What was wrong with Knight & Day? Let’s start with that title. It has no bearing on anything. A better one would be Good Knight, as cheesy as that is it at least ties into the theme of the movie. But Knight & Day? Means nothing. As for that cast—Dano and Davis are completely wasted. Maybe somewhere there exists a draft of the script in which their characters contribute meaningfully to the film, but to spend the money on actors of that quality and then have them do so little—it’s wasteful. And at this point, if Sarsgaard shows up in a movie playing some type of law enforcement officer, I know straightaway he’s the bad guy.
As for Cruise and Diaz, well, it’s a wash. The chemistry is there and the combined energy from their megawatt smiles is enough to power a small city indefinitely, but the story is so weak they just don’t have enough to do. Cruise acts crazy, Diaz acts ditzy, and we all go home. I don’t think either of them are the greatest actors ever, but they are certainly better than that. But everything was so predictable, it was such paint-by-numbers filmmaking—extremely disappointing given this movie was directed by James Mangold of Walk the Line and 3:10 to Yuma fame—that at no point was I engaged with these characters. From the very first scene I knew exactly how the story would play out. Roy (Cruise) accidentally-on-purpose bumps into June (Diaz) at the airport. June later bumps into Roy. They will fall in love. Roy and June are on the same flight with only six other passengers, all shifty looking men. Roy will beat them up. The plane crashes and Roy saves June, then warns her against the government. Roy is on the lam. Roy kidnaps June but then June decides Roy is safer than the government agents sent to protect her. They will reveal the cover up. Roy shows June a self-defense move. June will beat the shit out of a bad guy. The whole movie is like that. For each action, you know the result long before it occurs. At the point that June describes her road trip pipedream, I literally knew the EXACT ending of the movie. It’s like a plug and play script or something. Insert cliché, get result.

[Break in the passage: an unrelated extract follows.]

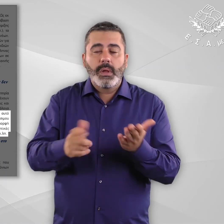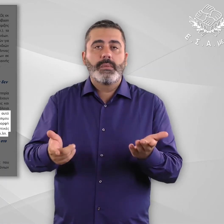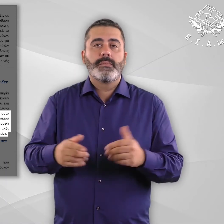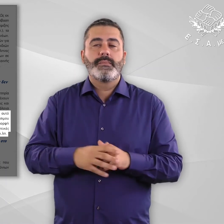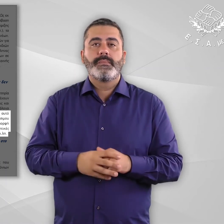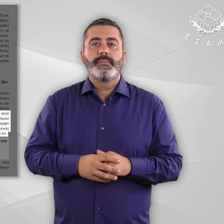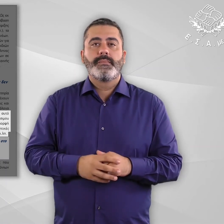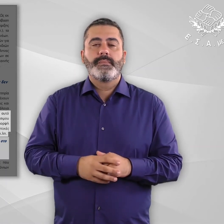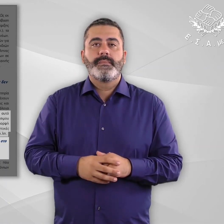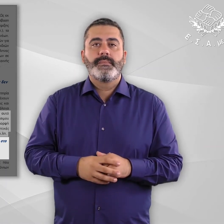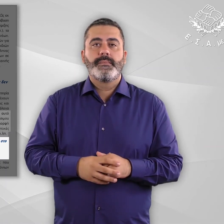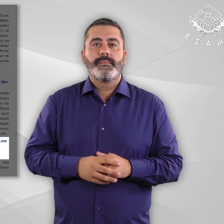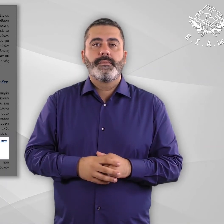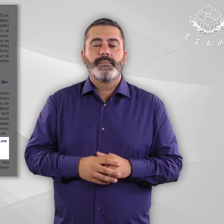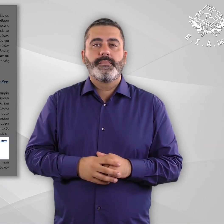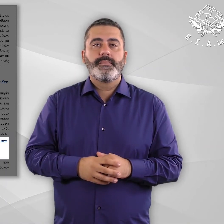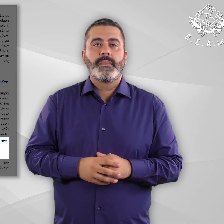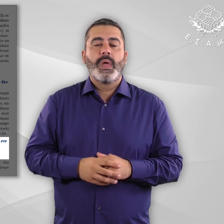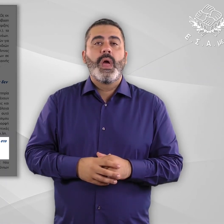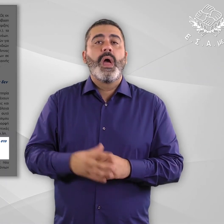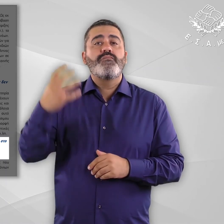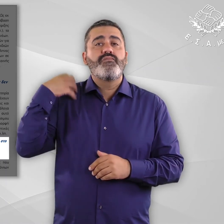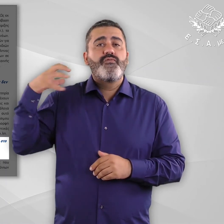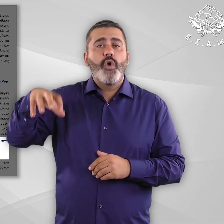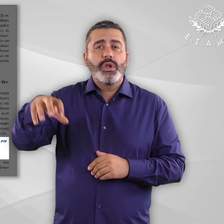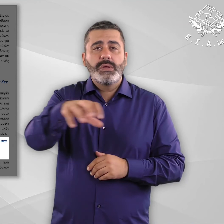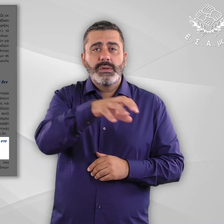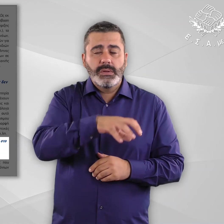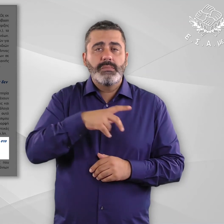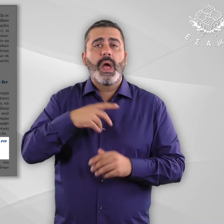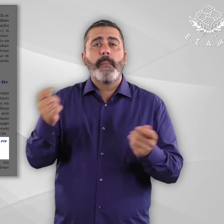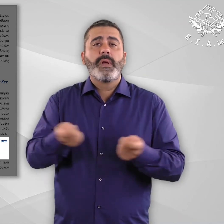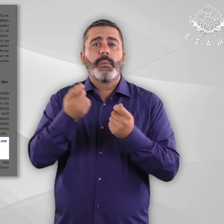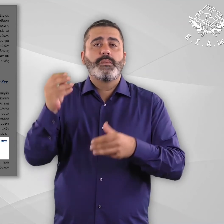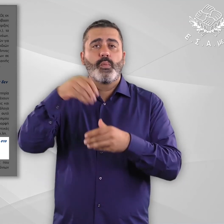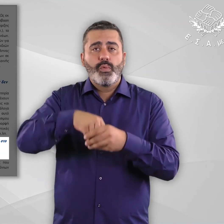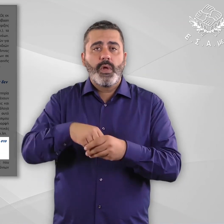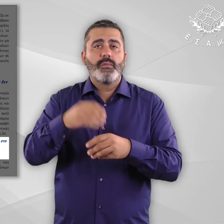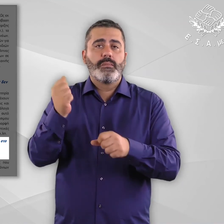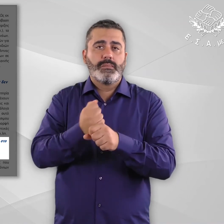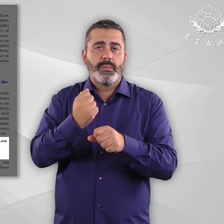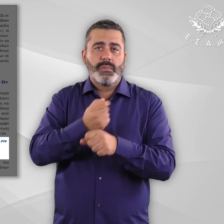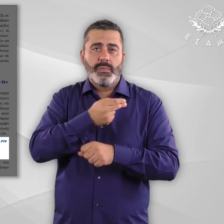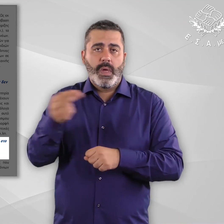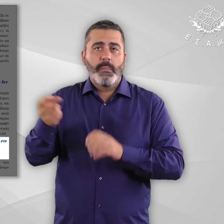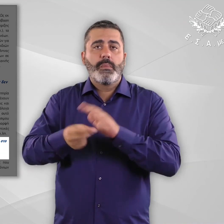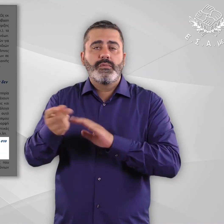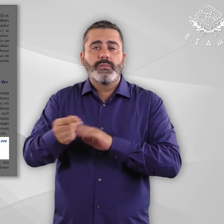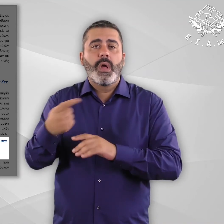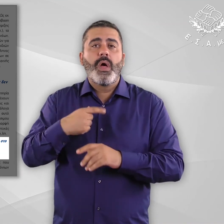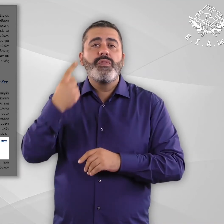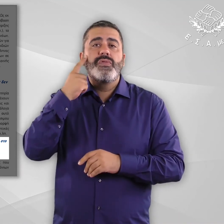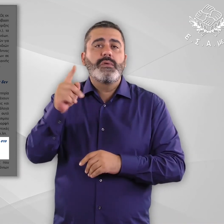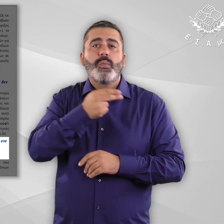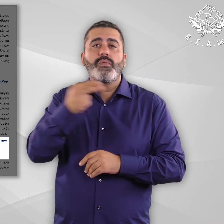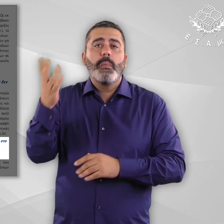βαρύκοα κλπ. Υπό Ενότητα Οι φορείς και οι επαγγελματίες που εμπλέκονται στο προσφυγικό δεν είναι ενημερωμένοι σε θέματα

Finally, Knight & Day committed the greatest sin possible in film. It harkened back to a beloved classic and then shat all over that classic’s memory. Throughout the movie I was strongly reminded of Hitchcock’s To Catch a Thief, the 1955 whodunit spy thriller with Cary Grant and Grace Kelly. And not in a bad way! Knight & Day, had it abandoned its predictability and inherent laziness, could have been a neat update of To Catch a Thief. You have the attractive lead couple, the jet-set locales, the spy story—it was all there. But it was wasted. Where To Catch a Thief used the French Riviera and Monaco to create a glamorous world we want to be part of, Knight & Day didn’t spend enough time in any one of its Fabulous Locales for us to fall in love with any of them. It was like taking a Fodor’s Guide trip through Europe. And the story was too predictable and the characters too thin for an audience to really care about what becomes of Roy and June. From the first frame you know what will happen to them, where in To Catch a Thief you really wonder if Robie (Grant) is going to pull it off and have his happily ever after with Frances (Kelly). But in Knight & Day this is never in question. You know Roy will succeed because he is played by Tom Cruise and Tom Cruise never fails. Except for recently at the box office. With a budget of $117 million and opening-weekend box office of just $20 million, Knight & Day was not the triumphant return for which Cruise was hoping.